Education in the field of laboratory animal science is not only needed for animal welfare officers and for persons who are charged with the daily care of animals, but is also a conditio sine qua non for the researcher. FELASA has addressed the question of how the competence of the scientist must be defined: a scientist may be considered competent for the design or performance of animal experiments after having completed graduate training in one of the biomedical disciplines (e.g. biology, medicine, veterinary medicine) and, in addition, having taken a course in laboratory animal science. In addition to the scientific and technical information necessary for the design of an animal experiment, the course should also deal with welfare issues and ethical aspects of animal experimentation. It must provide the tools for improving the quality of research, as well as for the careful, responsible use of animals. Replacement, reduction, and refinement should be the guiding principles for the course. Courses are also offered (partially) online in several countries: the species-specific training (handling, procedures with animals) must be completed in person. ²⁵

Education and training, though essential, do not equate to a free permit to carry out animal experimentation.

It should be noted that an animal experiment is acceptable and justified only if

Laboratory animal science associations

Scientific associations in the field of laboratory animal science have been founded in various countries. In the USA, the American Association for Laboratory Animal Science is most prominent, whereas in Europe, several national associations have established FELASA. Laboratory animal science associations in 11 Asian countries are members of the regional association, Asian Federation of Laboratory Animal Science Associations.
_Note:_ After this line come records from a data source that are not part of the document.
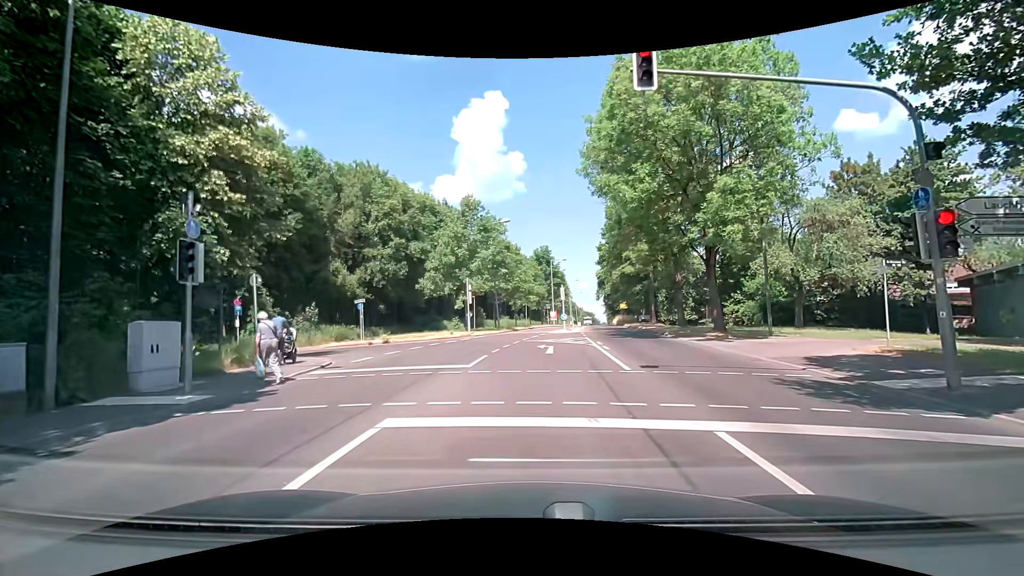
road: tertiary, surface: asphalt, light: Day
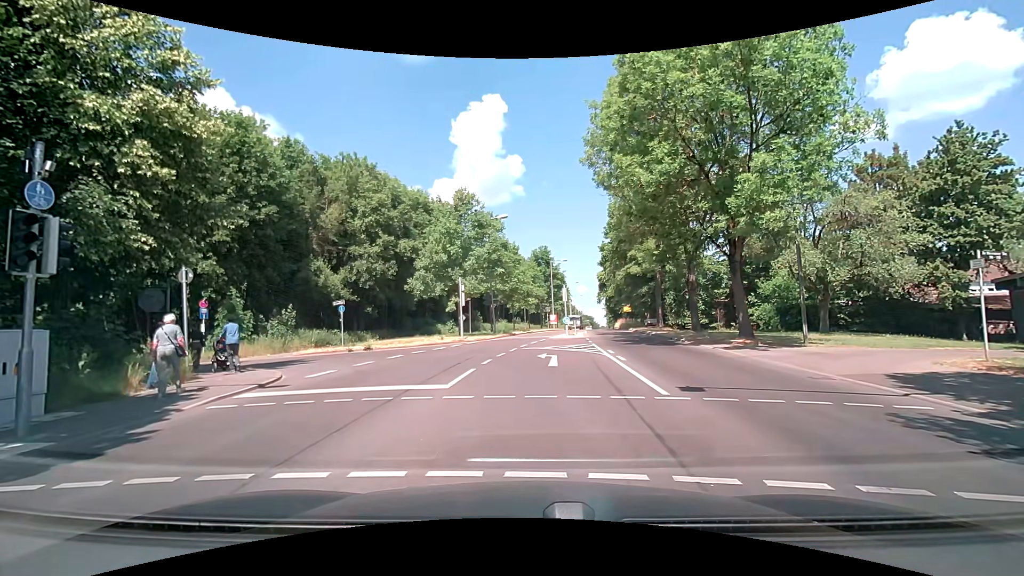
(0.0, +3.2) m; +2°
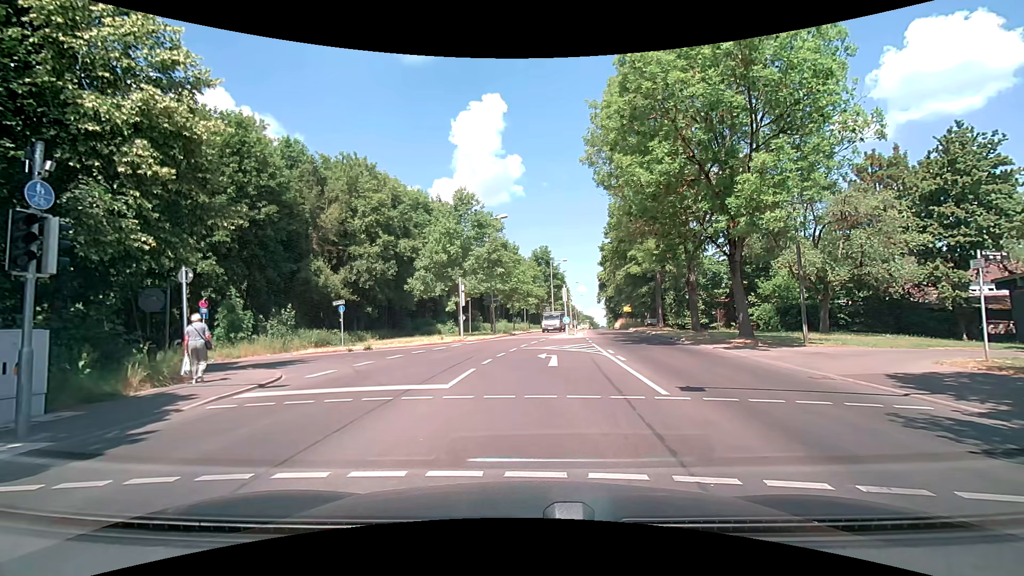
(0.0, 0.0) m; 0°
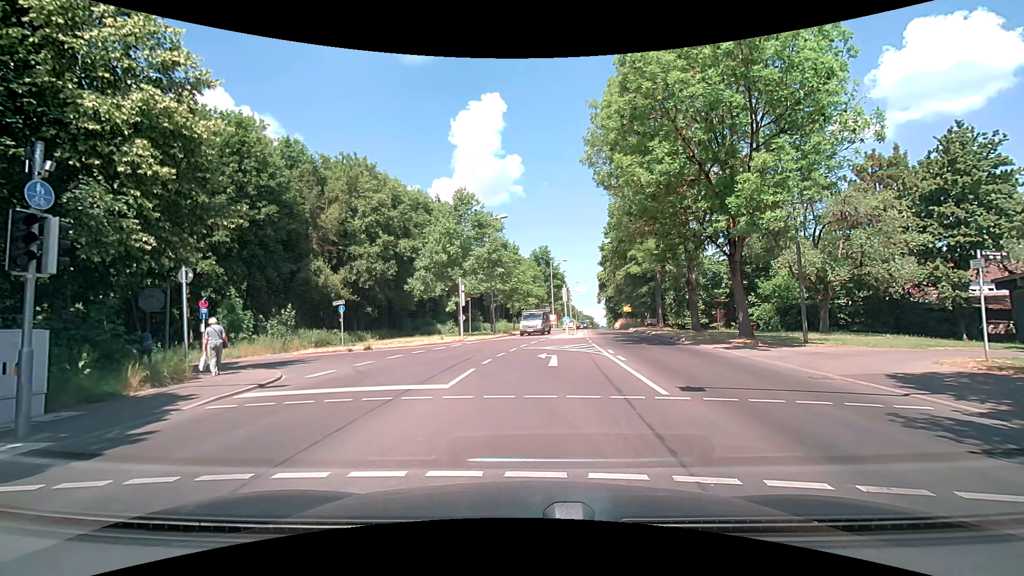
(0.0, 0.0) m; 0°
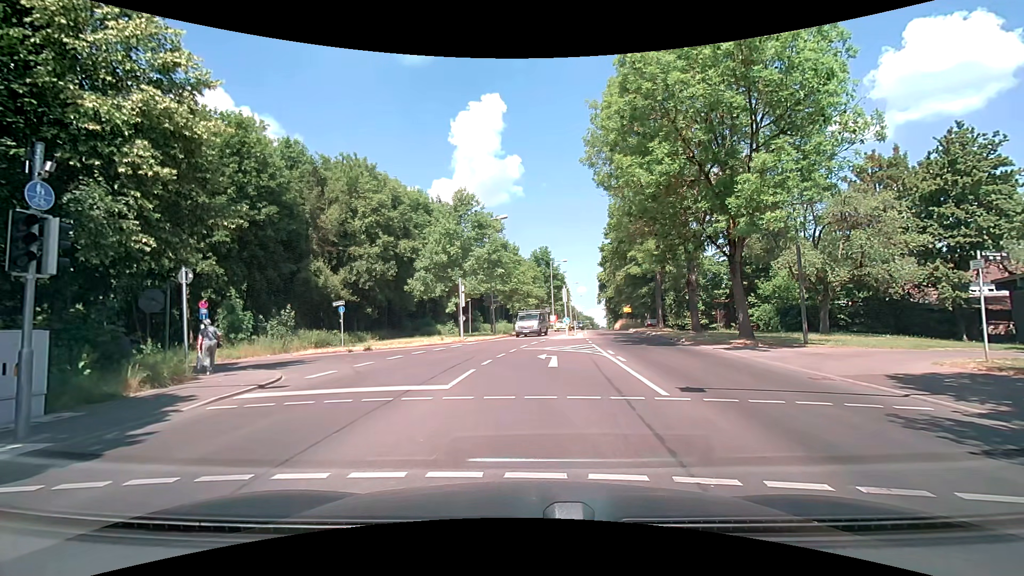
(0.0, 0.0) m; 0°
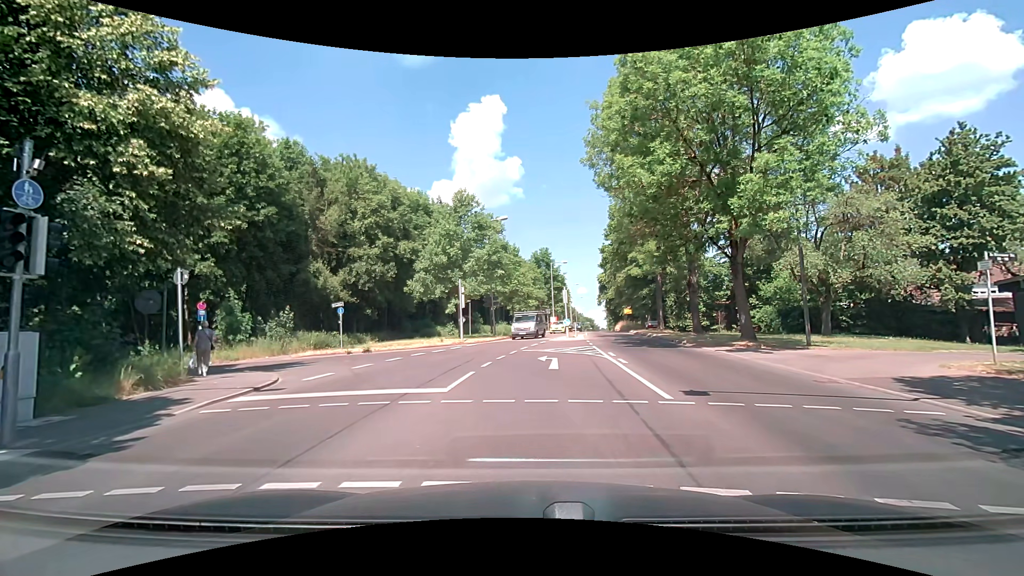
(0.0, +0.2) m; 0°
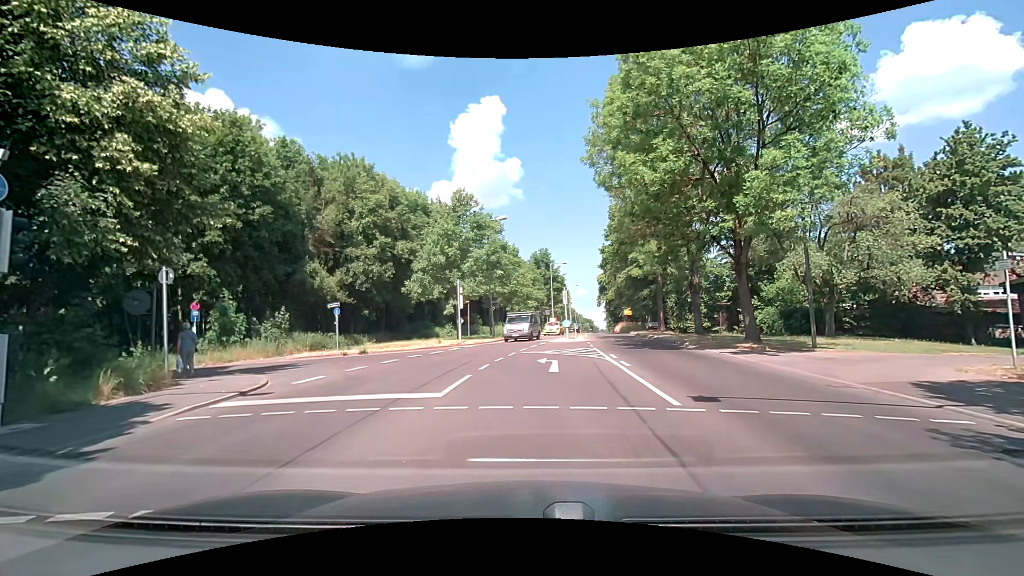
(0.0, +0.6) m; 0°
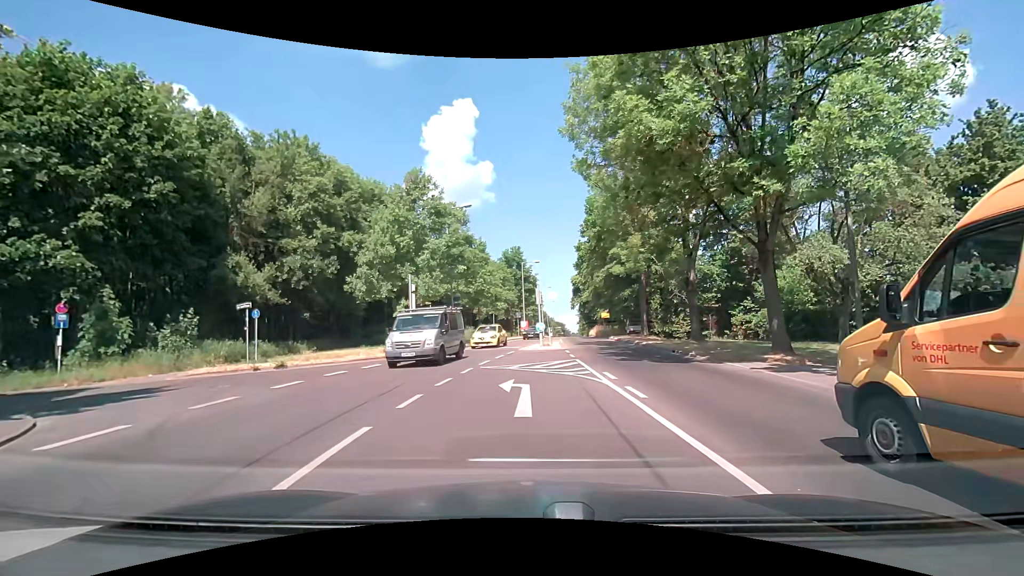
(0.0, +5.9) m; +2°
(0, +10) (-6, +18) (-15, +20) (-25, +22) (-35, +23) (-45, +24) (-55, +25) (-65, +26) (-75, +29) (-83, +34) m

ICLAS is a worldwide organization in the field of laboratory animal science, comprising national and scientific members from over 40 countries. The aim of ICLAS is to promote international collaboration in the field of laboratory animal science and, in particular, to support developing countries in achieving the standard required for both high-quality research and the humane use of animals.

Conclusion

The increase of the use of laboratory animals during the last century parallels the rapid development of biomedical medicine. However, although the field of biomedical medicine is still expanding, the number of animal experiments has gradually decreased since the 1970s. There are several factors that have contributed to this decrease. Legislative regulations to protect the welfare of animals are important, as is the organization of specialized education, the establishment of animal ethics committees, and developments regarding animal alternatives. These advancements have not only contributed to a decrease in animal use, but also to improvements in animal welfare.